At this stage, the Company is unable to predict what, if any, action the DOJ or the SEC may take or what, if any, penalties or remedial measures these agencies may seek.  Nor can the Company predict the impact on the Company as a result of these matters, which may include the imposition of fines, civil and criminal penalties, which are not currently estimable, as well as equitable remedies, including disgorgement of any profits earned from improper conduct and injunctive relief, limitations on the Company’s conduct, and the imposition of a compliance monitor.  The DOJ and the SEC periodically have based the amount of a penalty or disgorgement in connection with an FCPA action, at least in part, on the amount of profits that a company obtained from the business in which the violations of the FCPA occurred.  During its distributorship relationship with the prior Chinese distributor from 2010 through 2016, the Company generated sales of approximately $8 million from the relationship. 

  

Further, the Company may suffer other civil penalties or adverse impacts, including lawsuits by private litigants in addition to the lawsuits that already have been filed, or investigations and fines imposed by local authorities. The investigative costs to date are approximately $2.5 million, of which approximately $2.4 million was charged to general and administrative expenses during the fiscal year ended June 30, 2017.

  

Former Chinese Distributor – Litigation

  

On April 5, 2017, the Company’s former distributor in China, Cicel (Beijing) Science & Technology Co., Ltd., filed a lawsuit against the Company and certain officers and directors of the Company in the United States District Court for the Eastern District of New York, alleging that the Company improperly terminated its contract with the former distributor.

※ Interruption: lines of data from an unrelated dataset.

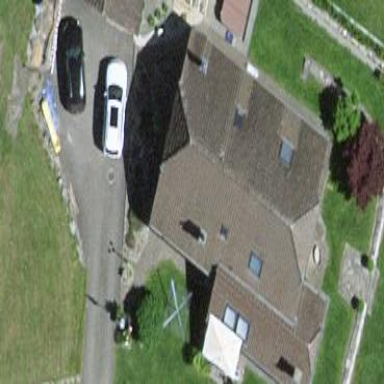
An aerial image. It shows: Residential building.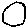
Label: circle
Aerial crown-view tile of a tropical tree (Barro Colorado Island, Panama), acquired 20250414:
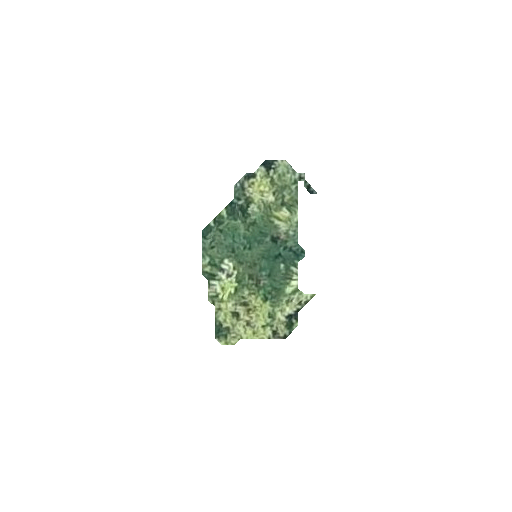
Species: Alseis blackiana
GBIF accepted scientific name: Alseis blackiana
Crown area: 21.308 m²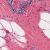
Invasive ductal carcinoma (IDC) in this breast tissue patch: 0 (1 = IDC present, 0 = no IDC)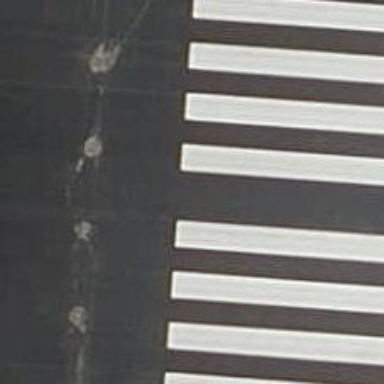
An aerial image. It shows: Paved blast pad at the airport runway.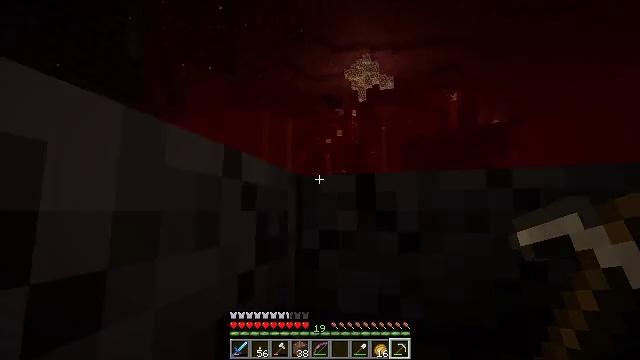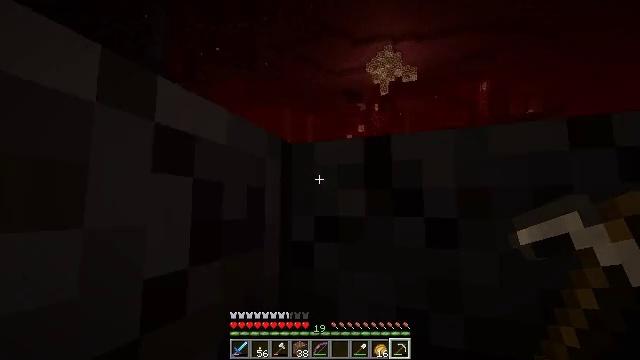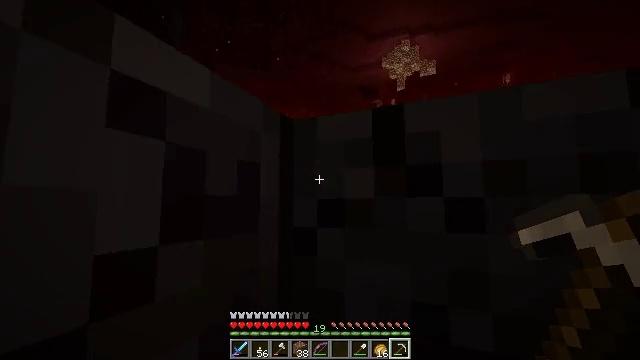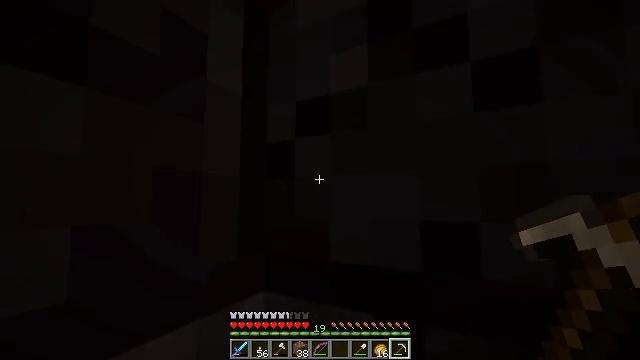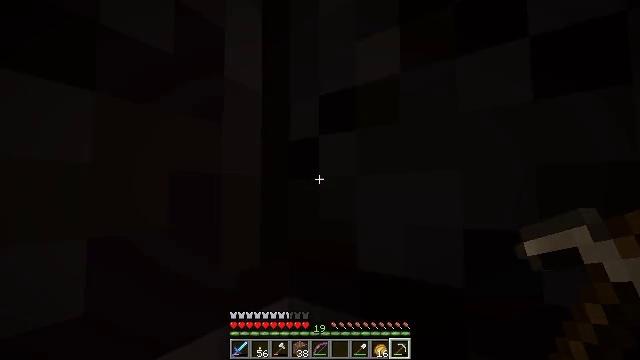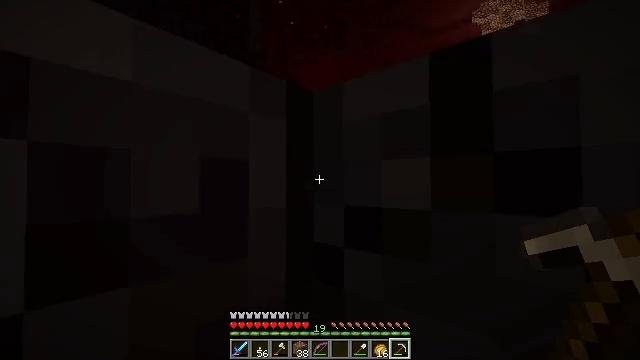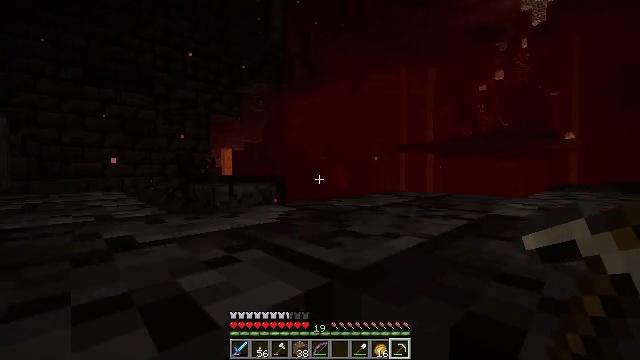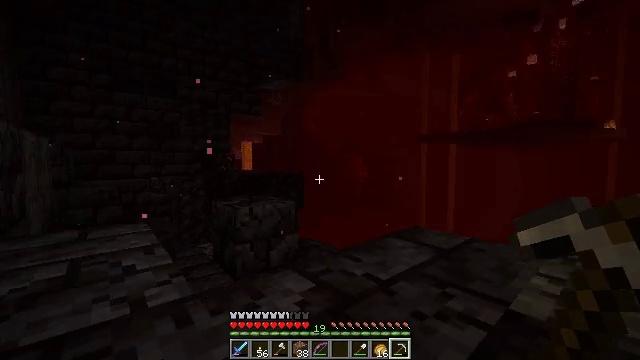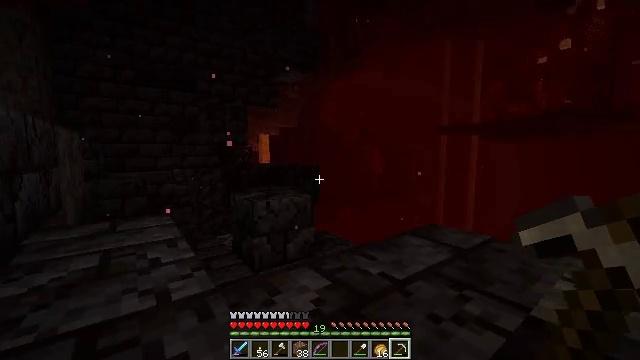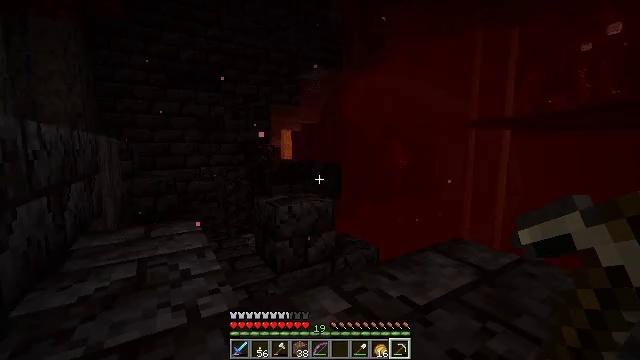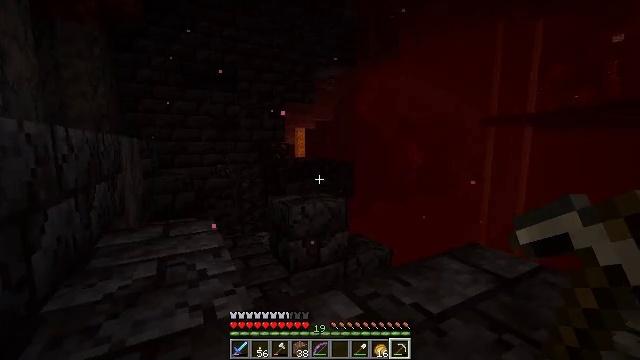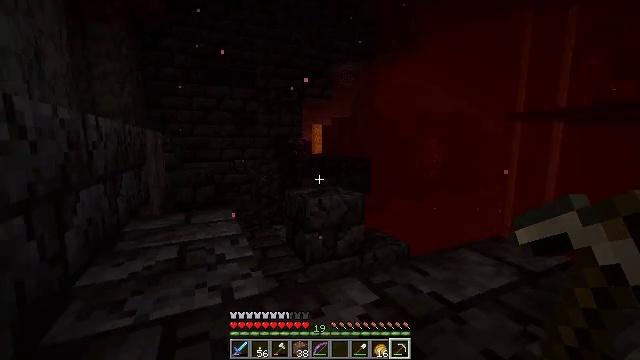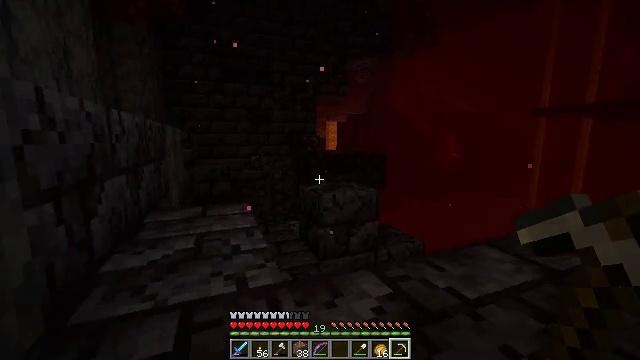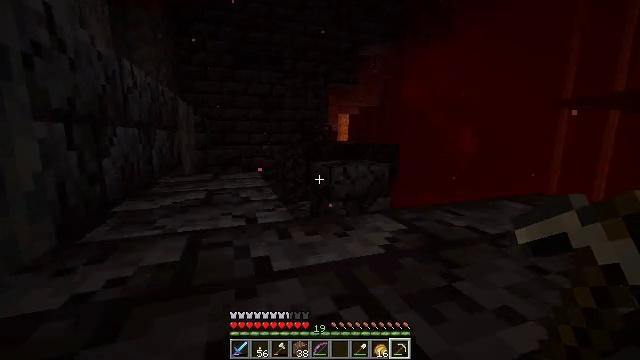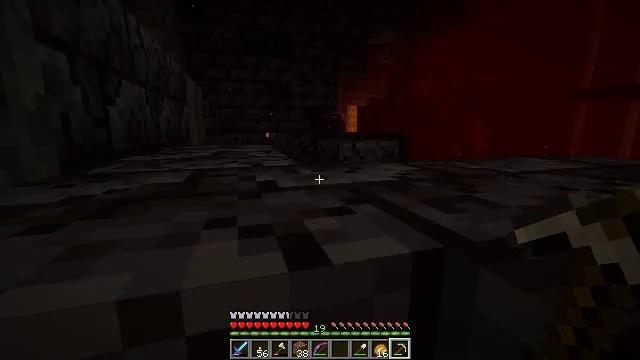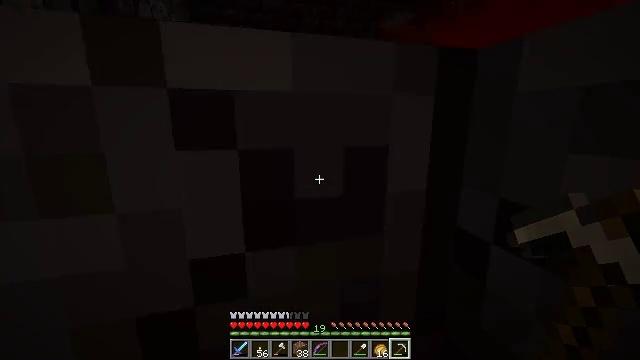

The complaint, which seeks various remedies, including compensatory and punitive damages, specific performance and preliminary and post judgment injunctive relief, asserts various causes of action, including breach of contract, unfair competition, tortious interference with contract, fraudulent inducement, and conversion. The Company believes it has various legal and factual defenses to the allegations in the complaint, and intends to vigorously defend the action. The case is at its earliest stages; there has been no discovery and there is no trial date.

  

Stockholder Derivative Litigation

  

On June 6, 2017, Irving Feldbaum, an individual shareholder of Misonix, filed a lawsuit in the U.S. District Court for the Eastern District of New York. The complaint alleges claims against the Company’s board of directors, its former CEO and CFO, certain of its former directors, and the Company as a nominal defendant for alleged violations of Section 14(a) of the Securities Exchange Act of 1934 and state law claims for breach of fiduciary duty, waste of corporate assets, and unjust enrichment. The complaint alleges that the Company incurred damages as a result of alleged false and misleading statements in the Company’s securities filings concerning the Company’s business, operations, and prospects and the Company’s internal control over financial reporting. The complaint also alleges that the Company’s February 4, 2016 Proxy Statement contained false and misleading statements regarding executive compensation. The complaint seeks the recovery of damages on behalf of the Company and the implementation of changes to corporate governance procedures. On June 16, 2017, Michael Rubin, another individual shareholder of Misonix, filed a case alleging similar claims in the same district court. The cases are at their earliest stages; there has been no discovery and there is no trial date. The Company is not able either to estimate the amount of potential loss it may recognize, if any, from these claims or to identify any changes in corporate governance procedures it may undertake, if any, as a result of these claims.